Records to process:

__________

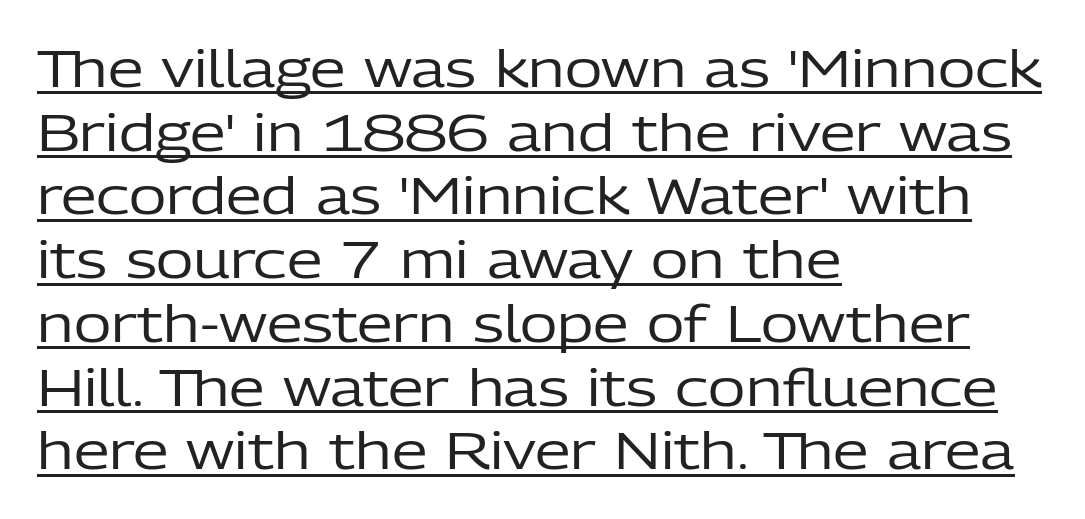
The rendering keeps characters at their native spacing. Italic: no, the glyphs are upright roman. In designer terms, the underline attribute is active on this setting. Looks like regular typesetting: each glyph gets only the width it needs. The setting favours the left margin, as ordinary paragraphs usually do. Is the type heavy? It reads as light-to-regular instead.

__________

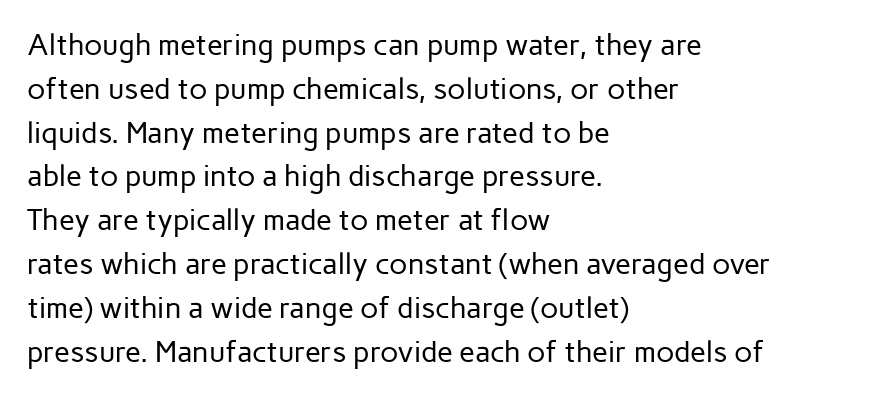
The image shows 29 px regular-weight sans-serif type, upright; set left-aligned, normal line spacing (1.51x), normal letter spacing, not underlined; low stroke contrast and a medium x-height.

__________

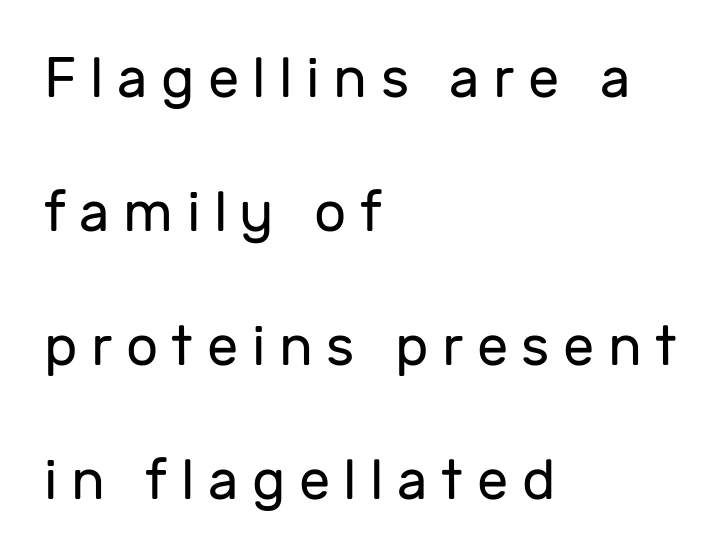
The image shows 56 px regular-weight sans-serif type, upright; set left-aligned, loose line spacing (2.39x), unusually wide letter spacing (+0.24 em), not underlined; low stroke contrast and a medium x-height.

__________

What you have to do: Please say how many lines in the records contain the word "sans", and give only that number.

Output for this task: 2